There is enormous value in making a record of what you’re dealing with ahead of time. About two years before any of this happened, I had a brainstorm to record my mom giving me a “tour” of everything in the condo. Neat as a pin, no clutter anywhere. But it was also packed to the gills. Mom often apologized in advance for how much she knew she’d be leaving for me to deal with, and yet was unable to part with any of it despite my encouragement. 

Note: This was probably the smartest thing I did: Having my mom go through her belongings and share the stories behind them—where they came from, what they meant to her, which ones I should try to sell—while I recorded it with my iPad. Even smarter was doing this a couple years before I needed this information!

So before I started my later commutes between Albuquerque and south Florida, I watched the videos a couple of times and made elaborate notes of the things that had financial or sentimental value, where she had bought this or who had given her that, or even what certain things were or were for. This was immensely helpful in sorting what to move and keep from what to donate or try to sell.

My mom is stronger than most people I’ve ever known. I knew that I’d ultimately be responsible for clearing everything out of her condo. The one thing I did not anticipate was that my mom would be a part of the process. The up side was that somehow, at 94, mere months after a stroke and a heart attack (oh, and a year after knee-replacement surgery), she is still sharp as a tack and was mobile enough to help go through the old place and pick out what she wanted. This was a huge help and reduced the number of decisions I had to make. 

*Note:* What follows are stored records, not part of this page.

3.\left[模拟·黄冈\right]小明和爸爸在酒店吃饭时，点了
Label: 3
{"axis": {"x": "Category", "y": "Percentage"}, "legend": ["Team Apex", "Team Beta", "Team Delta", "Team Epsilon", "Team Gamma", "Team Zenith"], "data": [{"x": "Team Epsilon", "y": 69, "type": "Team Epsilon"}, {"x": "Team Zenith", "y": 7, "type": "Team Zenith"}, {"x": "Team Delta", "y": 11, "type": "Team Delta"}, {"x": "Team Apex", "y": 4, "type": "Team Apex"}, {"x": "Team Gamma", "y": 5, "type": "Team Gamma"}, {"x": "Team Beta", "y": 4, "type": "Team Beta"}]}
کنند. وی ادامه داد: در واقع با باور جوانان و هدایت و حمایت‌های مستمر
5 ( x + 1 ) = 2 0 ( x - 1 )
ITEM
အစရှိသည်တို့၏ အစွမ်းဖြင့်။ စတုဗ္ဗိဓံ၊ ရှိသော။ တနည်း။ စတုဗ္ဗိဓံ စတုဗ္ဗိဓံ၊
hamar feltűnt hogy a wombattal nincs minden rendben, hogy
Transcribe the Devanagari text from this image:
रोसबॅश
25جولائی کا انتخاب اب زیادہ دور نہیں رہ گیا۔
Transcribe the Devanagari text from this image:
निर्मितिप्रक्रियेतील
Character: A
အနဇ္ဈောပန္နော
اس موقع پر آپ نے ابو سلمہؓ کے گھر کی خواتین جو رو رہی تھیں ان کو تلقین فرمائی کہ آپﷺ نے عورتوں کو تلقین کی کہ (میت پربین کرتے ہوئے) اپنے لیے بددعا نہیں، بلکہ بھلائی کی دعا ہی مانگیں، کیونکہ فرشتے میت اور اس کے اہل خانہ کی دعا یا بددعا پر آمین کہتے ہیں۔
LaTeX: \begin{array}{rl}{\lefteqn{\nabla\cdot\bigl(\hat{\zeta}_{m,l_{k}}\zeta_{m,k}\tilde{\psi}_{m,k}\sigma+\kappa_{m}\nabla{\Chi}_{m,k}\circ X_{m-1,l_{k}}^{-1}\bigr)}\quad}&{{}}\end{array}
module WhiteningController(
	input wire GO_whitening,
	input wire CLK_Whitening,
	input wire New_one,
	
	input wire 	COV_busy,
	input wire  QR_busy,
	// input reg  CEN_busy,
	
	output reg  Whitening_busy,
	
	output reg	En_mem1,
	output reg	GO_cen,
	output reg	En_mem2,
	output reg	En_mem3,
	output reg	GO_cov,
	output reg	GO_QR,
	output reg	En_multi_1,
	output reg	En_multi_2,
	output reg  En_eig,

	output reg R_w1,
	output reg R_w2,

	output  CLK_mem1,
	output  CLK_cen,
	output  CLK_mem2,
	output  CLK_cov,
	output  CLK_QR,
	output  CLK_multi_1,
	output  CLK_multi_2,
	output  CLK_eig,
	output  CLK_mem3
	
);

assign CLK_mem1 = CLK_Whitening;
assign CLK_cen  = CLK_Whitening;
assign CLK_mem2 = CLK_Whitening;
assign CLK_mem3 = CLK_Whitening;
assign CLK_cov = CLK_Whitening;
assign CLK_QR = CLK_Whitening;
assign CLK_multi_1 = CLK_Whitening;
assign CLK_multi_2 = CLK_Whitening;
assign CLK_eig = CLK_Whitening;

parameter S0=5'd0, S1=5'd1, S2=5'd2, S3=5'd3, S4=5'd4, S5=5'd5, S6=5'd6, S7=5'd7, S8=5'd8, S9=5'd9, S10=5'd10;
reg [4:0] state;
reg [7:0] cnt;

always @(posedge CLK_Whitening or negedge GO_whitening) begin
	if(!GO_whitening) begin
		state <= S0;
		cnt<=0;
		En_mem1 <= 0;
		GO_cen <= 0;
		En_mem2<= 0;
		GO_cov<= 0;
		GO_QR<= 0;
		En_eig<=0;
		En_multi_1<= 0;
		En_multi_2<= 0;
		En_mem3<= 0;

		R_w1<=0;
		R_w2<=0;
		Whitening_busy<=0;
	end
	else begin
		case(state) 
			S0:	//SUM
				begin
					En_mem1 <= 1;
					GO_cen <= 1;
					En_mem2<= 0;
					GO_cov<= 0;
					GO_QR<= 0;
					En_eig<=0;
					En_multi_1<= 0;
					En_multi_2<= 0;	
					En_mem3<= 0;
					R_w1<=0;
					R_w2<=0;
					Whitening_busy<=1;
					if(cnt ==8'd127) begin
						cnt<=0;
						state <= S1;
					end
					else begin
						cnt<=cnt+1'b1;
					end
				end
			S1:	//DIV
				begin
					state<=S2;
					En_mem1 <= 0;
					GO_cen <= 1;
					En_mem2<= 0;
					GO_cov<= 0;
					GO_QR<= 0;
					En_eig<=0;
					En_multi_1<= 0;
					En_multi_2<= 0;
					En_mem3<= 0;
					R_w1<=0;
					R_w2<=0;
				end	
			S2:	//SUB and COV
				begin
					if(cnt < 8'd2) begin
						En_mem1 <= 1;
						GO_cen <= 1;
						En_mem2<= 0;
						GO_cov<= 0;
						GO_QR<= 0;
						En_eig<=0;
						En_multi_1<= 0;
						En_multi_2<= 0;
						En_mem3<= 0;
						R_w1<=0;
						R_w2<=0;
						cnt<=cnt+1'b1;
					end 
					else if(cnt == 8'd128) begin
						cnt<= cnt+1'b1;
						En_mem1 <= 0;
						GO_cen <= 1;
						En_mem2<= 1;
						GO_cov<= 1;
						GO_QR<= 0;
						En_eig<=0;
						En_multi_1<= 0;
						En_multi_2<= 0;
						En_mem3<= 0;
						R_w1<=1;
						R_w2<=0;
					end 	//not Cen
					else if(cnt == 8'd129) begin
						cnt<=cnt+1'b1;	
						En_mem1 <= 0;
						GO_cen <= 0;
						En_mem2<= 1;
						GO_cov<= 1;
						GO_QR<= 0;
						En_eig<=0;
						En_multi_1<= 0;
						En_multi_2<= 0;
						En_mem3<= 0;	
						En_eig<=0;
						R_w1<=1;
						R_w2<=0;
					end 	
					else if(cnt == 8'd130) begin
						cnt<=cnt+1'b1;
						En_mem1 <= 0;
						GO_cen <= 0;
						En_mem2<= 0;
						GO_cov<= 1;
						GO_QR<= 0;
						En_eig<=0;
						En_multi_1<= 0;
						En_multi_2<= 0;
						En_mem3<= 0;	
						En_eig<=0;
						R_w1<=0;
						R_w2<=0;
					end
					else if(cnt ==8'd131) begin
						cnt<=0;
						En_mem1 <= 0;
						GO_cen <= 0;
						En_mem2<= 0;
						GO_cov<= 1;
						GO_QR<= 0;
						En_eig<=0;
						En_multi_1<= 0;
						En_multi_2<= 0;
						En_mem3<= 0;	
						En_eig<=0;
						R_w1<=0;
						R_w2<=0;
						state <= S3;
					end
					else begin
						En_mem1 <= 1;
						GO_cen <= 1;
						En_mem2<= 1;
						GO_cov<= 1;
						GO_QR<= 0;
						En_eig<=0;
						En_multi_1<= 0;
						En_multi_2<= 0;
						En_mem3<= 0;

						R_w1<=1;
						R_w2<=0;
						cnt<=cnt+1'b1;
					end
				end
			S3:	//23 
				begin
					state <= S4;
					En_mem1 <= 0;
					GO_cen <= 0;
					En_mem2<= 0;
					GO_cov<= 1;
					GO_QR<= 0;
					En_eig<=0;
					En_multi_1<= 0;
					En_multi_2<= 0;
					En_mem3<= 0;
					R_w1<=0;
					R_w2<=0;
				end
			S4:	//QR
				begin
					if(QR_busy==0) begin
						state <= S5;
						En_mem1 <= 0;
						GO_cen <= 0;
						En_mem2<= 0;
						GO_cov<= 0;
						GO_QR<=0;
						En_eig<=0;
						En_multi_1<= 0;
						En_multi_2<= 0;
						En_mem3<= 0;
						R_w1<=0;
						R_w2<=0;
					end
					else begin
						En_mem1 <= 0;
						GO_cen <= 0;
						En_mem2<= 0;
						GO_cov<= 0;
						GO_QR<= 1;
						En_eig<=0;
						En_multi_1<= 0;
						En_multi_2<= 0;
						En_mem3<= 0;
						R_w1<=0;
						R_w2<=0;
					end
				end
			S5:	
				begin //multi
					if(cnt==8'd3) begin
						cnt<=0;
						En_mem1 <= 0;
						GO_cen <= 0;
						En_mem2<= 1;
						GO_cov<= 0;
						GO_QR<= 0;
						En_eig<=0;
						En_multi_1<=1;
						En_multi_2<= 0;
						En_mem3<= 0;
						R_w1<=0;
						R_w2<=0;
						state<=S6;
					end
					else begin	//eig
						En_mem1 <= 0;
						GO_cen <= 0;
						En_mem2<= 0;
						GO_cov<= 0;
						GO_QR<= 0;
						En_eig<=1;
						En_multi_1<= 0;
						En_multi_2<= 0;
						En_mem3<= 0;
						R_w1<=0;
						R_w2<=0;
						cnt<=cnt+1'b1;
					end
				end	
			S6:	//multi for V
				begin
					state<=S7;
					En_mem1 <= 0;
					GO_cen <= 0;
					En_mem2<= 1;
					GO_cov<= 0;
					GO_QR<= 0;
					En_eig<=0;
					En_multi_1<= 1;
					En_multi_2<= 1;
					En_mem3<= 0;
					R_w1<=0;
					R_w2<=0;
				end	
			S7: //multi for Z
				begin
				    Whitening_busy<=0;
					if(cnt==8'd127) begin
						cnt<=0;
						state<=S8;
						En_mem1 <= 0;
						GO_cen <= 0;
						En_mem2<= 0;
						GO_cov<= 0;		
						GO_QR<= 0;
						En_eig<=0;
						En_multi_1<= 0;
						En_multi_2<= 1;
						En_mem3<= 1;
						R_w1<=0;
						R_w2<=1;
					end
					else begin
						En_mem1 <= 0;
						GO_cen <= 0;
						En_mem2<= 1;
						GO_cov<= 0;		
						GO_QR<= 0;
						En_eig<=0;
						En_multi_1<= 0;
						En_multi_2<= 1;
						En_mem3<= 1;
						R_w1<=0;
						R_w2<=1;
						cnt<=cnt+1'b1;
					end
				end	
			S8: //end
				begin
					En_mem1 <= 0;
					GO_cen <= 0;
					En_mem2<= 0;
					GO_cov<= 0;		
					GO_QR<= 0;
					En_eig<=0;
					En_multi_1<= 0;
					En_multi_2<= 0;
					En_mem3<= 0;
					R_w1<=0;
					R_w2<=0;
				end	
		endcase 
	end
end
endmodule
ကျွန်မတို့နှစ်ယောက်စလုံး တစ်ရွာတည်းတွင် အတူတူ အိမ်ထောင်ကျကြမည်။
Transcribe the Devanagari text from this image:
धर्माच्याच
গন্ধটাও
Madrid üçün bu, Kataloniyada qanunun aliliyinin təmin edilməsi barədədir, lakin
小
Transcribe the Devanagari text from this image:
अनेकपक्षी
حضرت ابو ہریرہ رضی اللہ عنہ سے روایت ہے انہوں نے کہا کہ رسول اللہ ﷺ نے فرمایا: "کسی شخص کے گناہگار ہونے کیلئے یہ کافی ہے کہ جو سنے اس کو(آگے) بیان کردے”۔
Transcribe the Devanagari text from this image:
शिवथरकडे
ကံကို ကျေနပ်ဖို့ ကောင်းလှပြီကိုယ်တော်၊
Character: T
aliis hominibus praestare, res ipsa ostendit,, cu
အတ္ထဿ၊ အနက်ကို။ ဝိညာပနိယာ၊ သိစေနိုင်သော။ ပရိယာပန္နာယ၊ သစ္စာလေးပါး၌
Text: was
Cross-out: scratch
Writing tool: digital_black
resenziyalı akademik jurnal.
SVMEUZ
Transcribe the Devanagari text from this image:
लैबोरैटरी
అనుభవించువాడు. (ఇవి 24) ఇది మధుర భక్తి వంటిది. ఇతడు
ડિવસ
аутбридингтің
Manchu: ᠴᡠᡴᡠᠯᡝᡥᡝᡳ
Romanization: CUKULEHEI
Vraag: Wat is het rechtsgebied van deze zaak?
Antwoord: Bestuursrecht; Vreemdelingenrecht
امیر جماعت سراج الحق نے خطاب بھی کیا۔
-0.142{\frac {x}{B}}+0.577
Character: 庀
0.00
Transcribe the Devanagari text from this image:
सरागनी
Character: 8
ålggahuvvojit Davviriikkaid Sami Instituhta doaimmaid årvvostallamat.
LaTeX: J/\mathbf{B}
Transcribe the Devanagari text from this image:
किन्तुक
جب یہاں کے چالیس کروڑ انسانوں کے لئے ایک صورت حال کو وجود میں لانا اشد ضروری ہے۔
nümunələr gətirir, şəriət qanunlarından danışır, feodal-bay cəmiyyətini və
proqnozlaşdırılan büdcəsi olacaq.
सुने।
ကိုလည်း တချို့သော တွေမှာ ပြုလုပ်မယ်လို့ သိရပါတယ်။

Mom did not make this move by choice, and I hated having to be a part of the process that imposed it on her. As much as I tried to leave the door open for her to make other choices, I think she knew from the beginning that this was a good move, and has done an amazing job of acclimating to less space, less privacy, and living her life according to the facility’s schedule—not to mention recovering from a health crisis that would have taken most people out. 

I know that there will be a part 2 to this story, and I’m just too much in denial to even think about that now. Mom’s on notice that she needs to keep enjoying her new, safer, and in many ways better life for a long, long time. Meanwhile, I am grateful beyond belief for having been able to help, and for the chance we had to bond over a very challenging transition.